The first chart ('Chart 1') shows the chill curve with the pump circulating, and the second chart ('Chart 2') shows it without. The test demonstrated a few things. First, the actual rate of chilling was almost neglible between the two, suggesting that the fermenter is a relatively efficient chiller as is, and circulating the wort during chill does not reduce chilling time significantly. Second, if the wort is not circulated during the chill, there is a significant temperature stratification inside the fermenter, with the water/wort at the top of the fermenter being much warmer than the bottom. However, when gas (air) was introduced into the bottom of the fermenter for less than a minute (at 90 minutes, much the same as would occur through aeration prior to pitching yeast) the bubbling action inside the fermenter caused by the rising gas bubbles, broke the temperature stratification and neutralized the temperature difference almost immediately.

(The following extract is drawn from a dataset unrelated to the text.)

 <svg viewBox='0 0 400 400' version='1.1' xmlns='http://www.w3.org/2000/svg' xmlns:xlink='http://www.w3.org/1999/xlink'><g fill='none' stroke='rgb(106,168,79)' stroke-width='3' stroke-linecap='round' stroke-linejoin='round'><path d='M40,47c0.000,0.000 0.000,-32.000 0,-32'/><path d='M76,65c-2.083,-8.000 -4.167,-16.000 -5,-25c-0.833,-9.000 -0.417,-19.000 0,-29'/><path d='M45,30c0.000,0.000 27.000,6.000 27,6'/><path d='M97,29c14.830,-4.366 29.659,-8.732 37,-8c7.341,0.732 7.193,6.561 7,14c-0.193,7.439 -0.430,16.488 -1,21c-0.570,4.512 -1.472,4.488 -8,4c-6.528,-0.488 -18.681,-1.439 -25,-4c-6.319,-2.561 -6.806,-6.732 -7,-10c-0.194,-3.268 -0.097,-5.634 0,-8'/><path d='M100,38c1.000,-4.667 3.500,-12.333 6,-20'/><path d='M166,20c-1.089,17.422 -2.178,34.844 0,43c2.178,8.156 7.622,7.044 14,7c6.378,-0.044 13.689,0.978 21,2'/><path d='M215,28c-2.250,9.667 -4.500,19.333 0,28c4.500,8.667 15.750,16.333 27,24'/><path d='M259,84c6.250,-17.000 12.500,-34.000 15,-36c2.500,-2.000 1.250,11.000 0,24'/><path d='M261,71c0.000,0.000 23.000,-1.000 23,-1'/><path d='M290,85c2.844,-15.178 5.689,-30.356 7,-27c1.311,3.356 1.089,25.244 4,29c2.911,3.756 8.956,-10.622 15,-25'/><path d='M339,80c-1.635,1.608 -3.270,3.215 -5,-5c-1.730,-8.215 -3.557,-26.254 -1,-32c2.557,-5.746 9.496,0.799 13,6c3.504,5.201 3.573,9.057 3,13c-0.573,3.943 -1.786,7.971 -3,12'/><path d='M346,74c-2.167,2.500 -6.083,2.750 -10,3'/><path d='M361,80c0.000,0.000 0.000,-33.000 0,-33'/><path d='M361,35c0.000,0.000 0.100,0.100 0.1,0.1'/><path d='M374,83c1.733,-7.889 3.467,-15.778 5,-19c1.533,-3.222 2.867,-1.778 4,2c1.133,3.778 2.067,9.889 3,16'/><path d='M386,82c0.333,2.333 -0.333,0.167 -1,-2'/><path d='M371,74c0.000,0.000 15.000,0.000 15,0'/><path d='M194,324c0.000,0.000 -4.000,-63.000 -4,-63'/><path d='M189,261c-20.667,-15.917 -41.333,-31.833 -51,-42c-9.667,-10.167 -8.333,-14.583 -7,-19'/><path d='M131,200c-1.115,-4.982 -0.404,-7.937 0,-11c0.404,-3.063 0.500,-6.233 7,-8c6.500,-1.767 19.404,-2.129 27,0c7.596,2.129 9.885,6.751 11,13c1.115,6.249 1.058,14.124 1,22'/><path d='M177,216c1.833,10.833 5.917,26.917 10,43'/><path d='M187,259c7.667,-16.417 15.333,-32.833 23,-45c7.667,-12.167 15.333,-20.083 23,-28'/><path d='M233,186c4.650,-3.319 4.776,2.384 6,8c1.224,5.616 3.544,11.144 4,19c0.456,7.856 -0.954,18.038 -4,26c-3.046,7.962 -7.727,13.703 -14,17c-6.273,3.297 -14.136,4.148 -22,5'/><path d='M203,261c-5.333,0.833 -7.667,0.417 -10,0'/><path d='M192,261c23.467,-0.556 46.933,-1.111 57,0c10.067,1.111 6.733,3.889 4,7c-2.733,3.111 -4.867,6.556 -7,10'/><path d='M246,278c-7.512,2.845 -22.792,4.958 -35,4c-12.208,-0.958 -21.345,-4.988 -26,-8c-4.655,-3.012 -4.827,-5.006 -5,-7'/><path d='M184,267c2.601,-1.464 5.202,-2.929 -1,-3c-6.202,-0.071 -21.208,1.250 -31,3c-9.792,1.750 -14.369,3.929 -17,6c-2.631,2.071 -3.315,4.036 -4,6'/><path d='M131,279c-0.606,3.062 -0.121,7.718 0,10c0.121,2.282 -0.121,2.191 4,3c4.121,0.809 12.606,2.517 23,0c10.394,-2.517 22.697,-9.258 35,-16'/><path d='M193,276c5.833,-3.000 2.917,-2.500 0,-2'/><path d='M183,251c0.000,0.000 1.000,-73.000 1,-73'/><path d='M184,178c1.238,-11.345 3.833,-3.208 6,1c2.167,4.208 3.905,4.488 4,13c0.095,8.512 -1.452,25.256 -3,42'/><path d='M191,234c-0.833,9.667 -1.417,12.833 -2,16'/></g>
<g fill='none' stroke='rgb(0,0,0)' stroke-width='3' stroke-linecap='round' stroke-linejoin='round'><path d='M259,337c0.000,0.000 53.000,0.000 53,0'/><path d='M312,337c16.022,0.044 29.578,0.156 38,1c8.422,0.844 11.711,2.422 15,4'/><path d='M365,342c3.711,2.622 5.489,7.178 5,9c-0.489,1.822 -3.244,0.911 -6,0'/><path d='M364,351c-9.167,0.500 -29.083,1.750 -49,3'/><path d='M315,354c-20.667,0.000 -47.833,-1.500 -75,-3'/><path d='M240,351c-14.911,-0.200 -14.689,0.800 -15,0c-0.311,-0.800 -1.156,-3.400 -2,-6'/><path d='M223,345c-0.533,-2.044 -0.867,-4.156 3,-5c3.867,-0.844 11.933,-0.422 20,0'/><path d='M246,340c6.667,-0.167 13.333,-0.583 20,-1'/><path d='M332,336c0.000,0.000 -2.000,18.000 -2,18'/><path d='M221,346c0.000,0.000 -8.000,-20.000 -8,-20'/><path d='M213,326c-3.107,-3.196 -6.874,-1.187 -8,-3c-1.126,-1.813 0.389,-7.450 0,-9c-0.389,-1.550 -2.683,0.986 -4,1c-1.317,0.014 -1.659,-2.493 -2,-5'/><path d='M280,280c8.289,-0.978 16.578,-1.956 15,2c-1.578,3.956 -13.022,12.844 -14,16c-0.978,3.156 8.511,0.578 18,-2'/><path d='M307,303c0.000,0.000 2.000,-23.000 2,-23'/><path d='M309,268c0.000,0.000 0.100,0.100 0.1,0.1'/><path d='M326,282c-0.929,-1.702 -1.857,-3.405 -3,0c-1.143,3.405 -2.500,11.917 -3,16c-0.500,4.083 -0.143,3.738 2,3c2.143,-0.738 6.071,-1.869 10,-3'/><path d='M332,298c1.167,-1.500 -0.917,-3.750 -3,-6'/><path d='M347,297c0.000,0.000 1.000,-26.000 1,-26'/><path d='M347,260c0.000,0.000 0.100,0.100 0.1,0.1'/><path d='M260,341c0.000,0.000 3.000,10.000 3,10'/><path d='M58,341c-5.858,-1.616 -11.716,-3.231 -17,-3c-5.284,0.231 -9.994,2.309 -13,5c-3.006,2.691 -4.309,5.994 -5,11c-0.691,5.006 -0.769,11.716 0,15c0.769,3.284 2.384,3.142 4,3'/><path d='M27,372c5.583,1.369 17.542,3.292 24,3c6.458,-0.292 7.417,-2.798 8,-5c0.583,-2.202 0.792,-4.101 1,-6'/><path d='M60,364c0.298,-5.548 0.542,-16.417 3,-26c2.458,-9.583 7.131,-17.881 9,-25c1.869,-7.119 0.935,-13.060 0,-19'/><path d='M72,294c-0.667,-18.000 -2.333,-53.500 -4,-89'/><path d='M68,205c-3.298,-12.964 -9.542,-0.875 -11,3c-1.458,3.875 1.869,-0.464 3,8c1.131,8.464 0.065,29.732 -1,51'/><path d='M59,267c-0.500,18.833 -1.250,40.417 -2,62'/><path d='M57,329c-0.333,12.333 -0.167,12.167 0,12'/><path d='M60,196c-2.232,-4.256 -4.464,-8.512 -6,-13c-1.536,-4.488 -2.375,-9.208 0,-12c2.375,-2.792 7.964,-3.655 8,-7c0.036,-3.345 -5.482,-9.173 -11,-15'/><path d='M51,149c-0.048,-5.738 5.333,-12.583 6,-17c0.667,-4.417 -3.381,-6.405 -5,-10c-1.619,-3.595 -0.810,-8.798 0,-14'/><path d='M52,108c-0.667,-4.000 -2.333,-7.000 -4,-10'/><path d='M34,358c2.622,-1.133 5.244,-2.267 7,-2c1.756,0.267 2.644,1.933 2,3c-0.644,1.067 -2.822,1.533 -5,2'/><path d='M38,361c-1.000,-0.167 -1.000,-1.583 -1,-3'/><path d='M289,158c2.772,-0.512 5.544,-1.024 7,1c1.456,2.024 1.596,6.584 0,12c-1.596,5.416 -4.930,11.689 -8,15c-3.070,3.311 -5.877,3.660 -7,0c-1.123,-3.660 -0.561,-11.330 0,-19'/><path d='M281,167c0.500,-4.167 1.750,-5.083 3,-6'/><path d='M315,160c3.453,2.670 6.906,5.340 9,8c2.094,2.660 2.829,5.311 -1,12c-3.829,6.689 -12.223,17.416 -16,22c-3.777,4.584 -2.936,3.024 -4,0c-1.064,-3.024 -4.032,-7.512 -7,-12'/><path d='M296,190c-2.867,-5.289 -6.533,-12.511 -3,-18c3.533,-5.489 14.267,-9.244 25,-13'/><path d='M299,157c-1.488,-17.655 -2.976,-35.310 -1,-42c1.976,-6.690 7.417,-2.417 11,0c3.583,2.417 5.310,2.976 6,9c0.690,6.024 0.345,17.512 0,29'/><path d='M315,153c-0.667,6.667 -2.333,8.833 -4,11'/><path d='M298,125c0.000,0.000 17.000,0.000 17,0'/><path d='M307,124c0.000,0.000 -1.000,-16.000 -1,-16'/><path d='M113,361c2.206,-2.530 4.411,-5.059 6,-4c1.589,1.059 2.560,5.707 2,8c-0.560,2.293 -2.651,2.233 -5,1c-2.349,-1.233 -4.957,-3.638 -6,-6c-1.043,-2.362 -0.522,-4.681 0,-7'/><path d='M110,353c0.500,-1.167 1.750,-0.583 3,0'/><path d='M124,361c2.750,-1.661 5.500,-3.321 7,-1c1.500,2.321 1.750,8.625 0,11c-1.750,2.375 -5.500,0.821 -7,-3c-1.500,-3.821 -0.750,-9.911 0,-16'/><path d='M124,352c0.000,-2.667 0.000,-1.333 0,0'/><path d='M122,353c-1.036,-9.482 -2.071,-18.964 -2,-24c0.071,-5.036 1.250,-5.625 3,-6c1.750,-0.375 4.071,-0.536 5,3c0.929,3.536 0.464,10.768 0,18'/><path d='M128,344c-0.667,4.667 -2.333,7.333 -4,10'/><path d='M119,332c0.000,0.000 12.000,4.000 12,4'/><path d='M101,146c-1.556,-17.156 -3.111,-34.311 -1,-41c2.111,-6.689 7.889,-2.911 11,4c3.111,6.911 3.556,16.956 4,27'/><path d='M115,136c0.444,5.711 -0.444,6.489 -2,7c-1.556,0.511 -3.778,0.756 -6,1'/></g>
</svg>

One conclusion from this study, is that if a brewer chooses to not circulate during the chill, they should aerate prior to pitching yeast, to agitate the wort and ensure that the temperature sensor shows a true averaged temperature inside the fermenter, not just the temperature of the wort near the bottom. (Choosing not to circulate during chill can be beneficial in that it allows the wort proteins to settle to the bottom of the fermenter where it can be removed prior to aeration.)
While a chill period under an hour is generally preferred, many brewers attest that a slightly longer period does not have negative effects, as long as sanitary conditions are maintained. If desired, chilling time can be reduced by reducing the chillant temperature. Since an increased temperature differential reduces chill times, colder chillant reduces chill times (which is why glycol, which freezes at temperatures much below that of water, is often mixed with water to reduce its freezing point). Chill times can also be reduced by increasing the rate of flow of chillant (this is really just a corollary of the first method, as by increasing the rate of flow, the chillant has less residence time and therefore prevented from heated as much and has a lower temperature).
To prove this, we ran a third test, identical to the first test, with the only variable changed was increasing the flow volume of water from 25L/minute to 35L/minute. As expected, the increased flow rate chilled the water quicker, about 10% faster (see 'Chart 3'). We would expect that this increase follows the law of diminishing returns (increasing the flow rate even further, would not see the same time reduction ratio), just as a reduction of flow volume below 25L/min would not see a linear increase in chill period. From this result we would predict that a lower chillant temperature would show a similar reduction in chill time, so with a reduced but sufficient flow rate, and sub zero chillant temperature, chill times under an hour could be achieved.
Note: If municipal water is too warm or a faster chill is desired, a plate chiller can be used to help reduce chilling time. Boiling wort can be cycled through the plate chiller (out the fermenter, through plate chiller and back into the fermenter in a closed-loop manner) during the last few minutes of the boil to sanitize it, then it can be used to help chill the wort (in addition to using the jacket) after boiling is complete. Plate chillers can be purchased from many suppliers, such as the CPE30H from CPE Systems or the T4 from Thermaline.